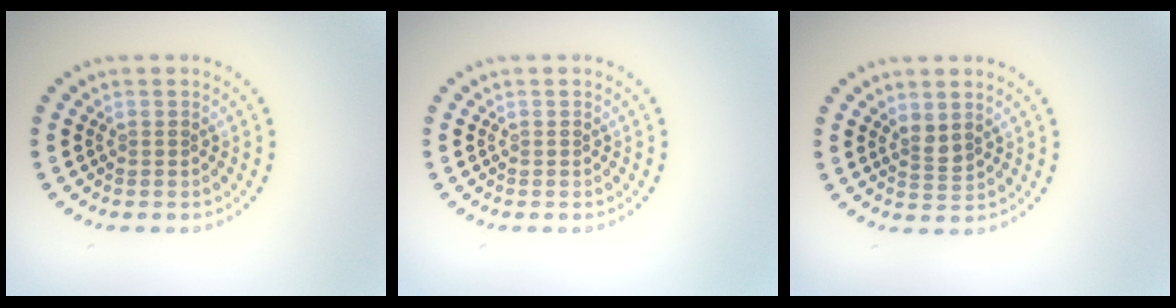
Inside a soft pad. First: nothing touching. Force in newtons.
{"total": 0.0}
{"total": 1.5, "press": 1.3, "slide": 0.8}
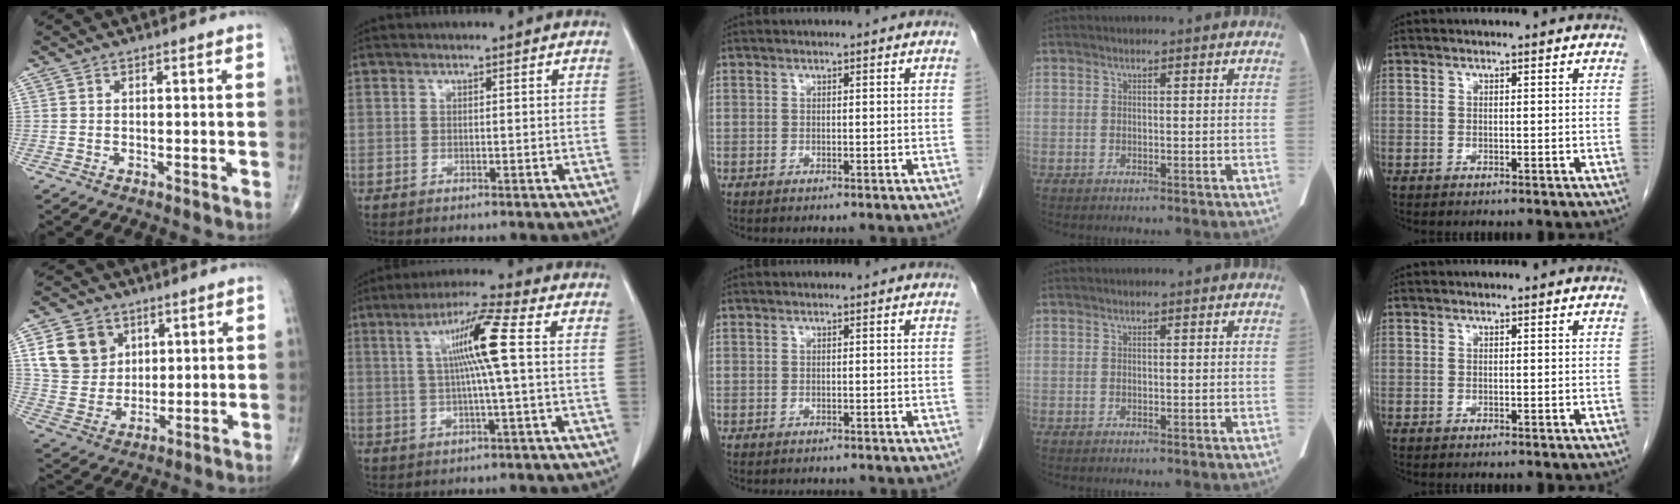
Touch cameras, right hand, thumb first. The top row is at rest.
{"thumb": {"total": 11.6, "force": [4.5, 9.5, 4.9], "torque": [-0.064, -0.014, 0.094]}, "index": {"total": 9.1, "force": [1.4, -0.7, 9.0], "torque": [-0.162, 0.010, 0.024]}, "middle": {"total": 1.5, "force": [-1.4, 0.5, 0.3], "torque": [-0.013, -0.004, -0.017]}}
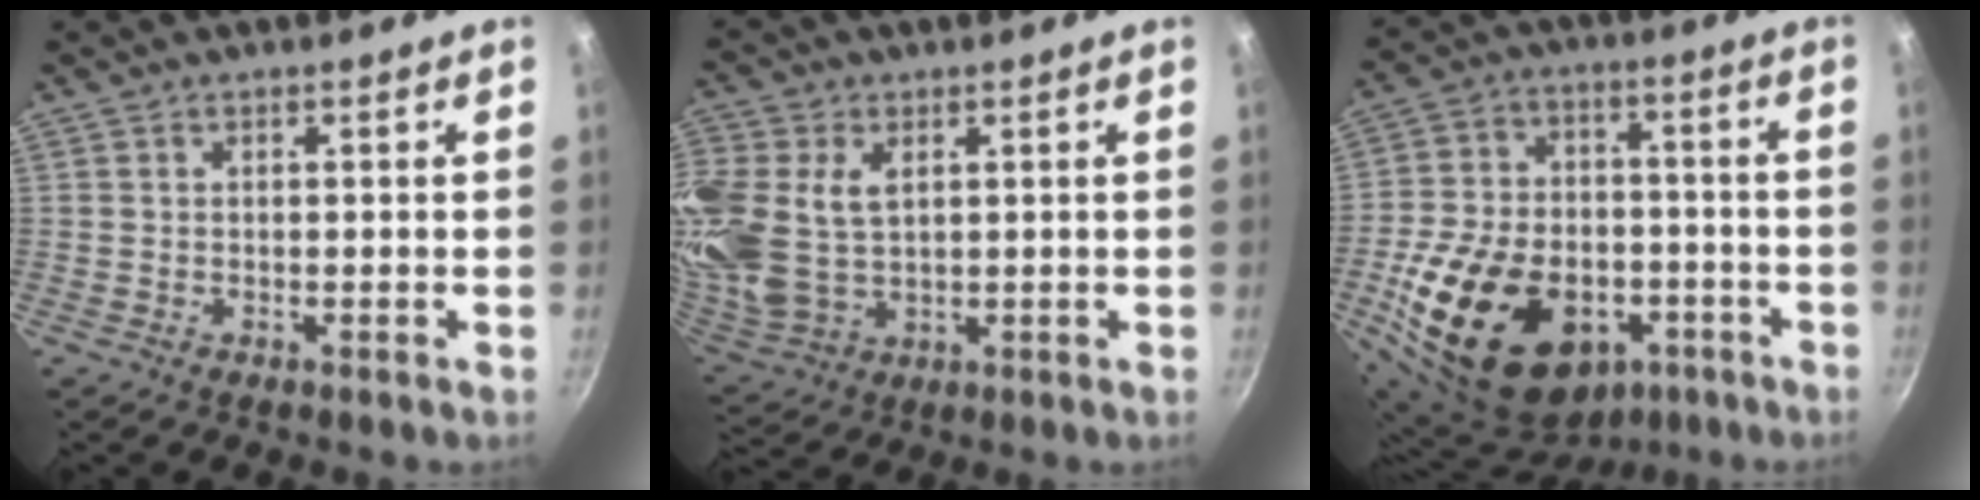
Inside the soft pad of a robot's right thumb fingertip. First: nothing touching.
{"total": 16.9, "force": [3.4, 12.0, 11.4], "torque": [-0.267, -0.005, 0.078]}
{"total": 26.5, "force": [-9.6, 17.9, 17.1], "torque": [-0.287, 0.046, -0.140]}
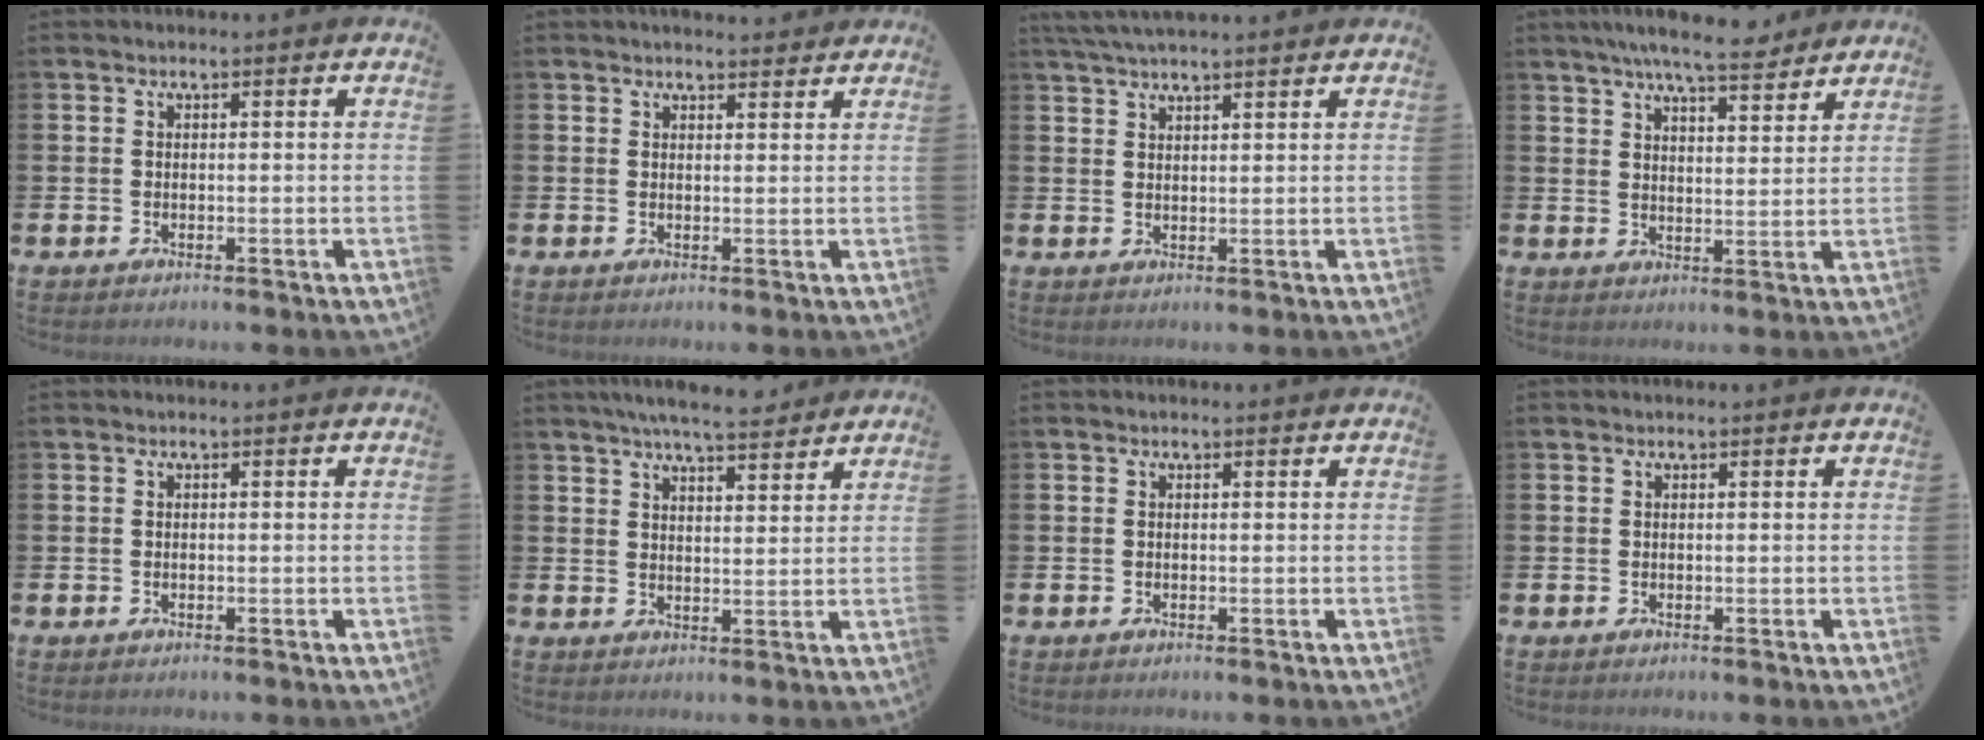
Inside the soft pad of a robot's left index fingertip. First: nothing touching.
{"total": 2.0, "force": [1.9, 0.2, 0.0], "torque": [0.006, -0.010, 0.033]}
{"total": 3.7, "force": [3.4, 0.2, 1.4], "torque": [-0.033, -0.006, 0.064]}
{"total": 7.4, "force": [6.8, 0.9, 2.7], "torque": [-0.050, -0.029, 0.119]}
{"total": 0.0}
{"total": 6.1, "force": [5.8, 0.6, 1.8], "torque": [-0.039, -0.023, 0.103]}
{"total": 0.0}
{"total": 0.0}
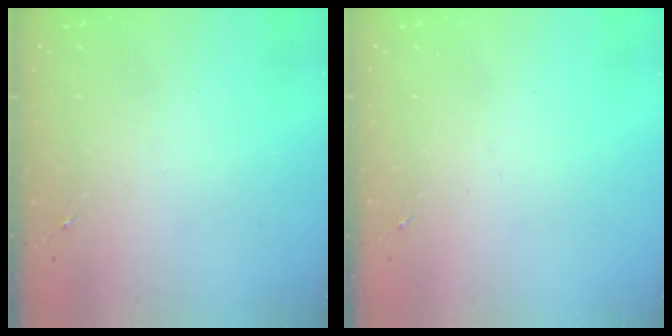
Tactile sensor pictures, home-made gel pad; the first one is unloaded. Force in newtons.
{"total": 0.0}
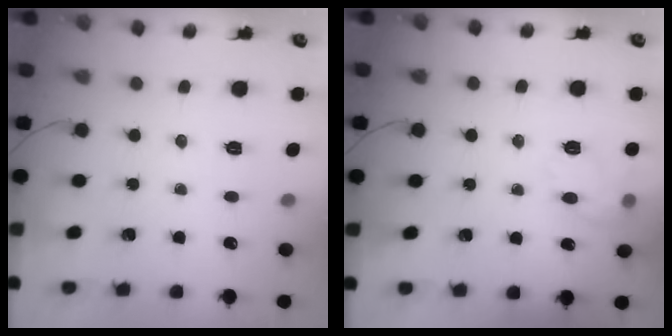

◇ ◇ ◇ ◇ ◇ ◇ ◇

— EXERCISE GOAL —
Print the listing again exactly as it appears, except for the pictures, which stay out.

— RESPONSE —
Inside a soft pad. First: nothing touching. Force in newtons.
{"total": 0.0}
{"total": 1.5, "press": 1.3, "slide": 0.8}
Touch cameras, right hand, thumb first. The top row is at rest.
{"thumb": {"total": 11.6, "force": [4.5, 9.5, 4.9], "torque": [-0.064, -0.014, 0.094]}, "index": {"total": 9.1, "force": [1.4, -0.7, 9.0], "torque": [-0.162, 0.010, 0.024]}, "middle": {"total": 1.5, "force": [-1.4, 0.5, 0.3], "torque": [-0.013, -0.004, -0.017]}}
Inside the soft pad of a robot's right thumb fingertip. First: nothing touching.
{"total": 16.9, "force": [3.4, 12.0, 11.4], "torque": [-0.267, -0.005, 0.078]}
{"total": 26.5, "force": [-9.6, 17.9, 17.1], "torque": [-0.287, 0.046, -0.140]}
Inside the soft pad of a robot's left index fingertip. First: nothing touching.
{"total": 2.0, "force": [1.9, 0.2, 0.0], "torque": [0.006, -0.010, 0.033]}
{"total": 3.7, "force": [3.4, 0.2, 1.4], "torque": [-0.033, -0.006, 0.064]}
{"total": 7.4, "force": [6.8, 0.9, 2.7], "torque": [-0.050, -0.029, 0.119]}
{"total": 0.0}
{"total": 6.1, "force": [5.8, 0.6, 1.8], "torque": [-0.039, -0.023, 0.103]}
{"total": 0.0}
{"total": 0.0}
Tactile sensor pictures, home-made gel pad; the first one is unloaded. Force in newtons.
{"total": 0.0}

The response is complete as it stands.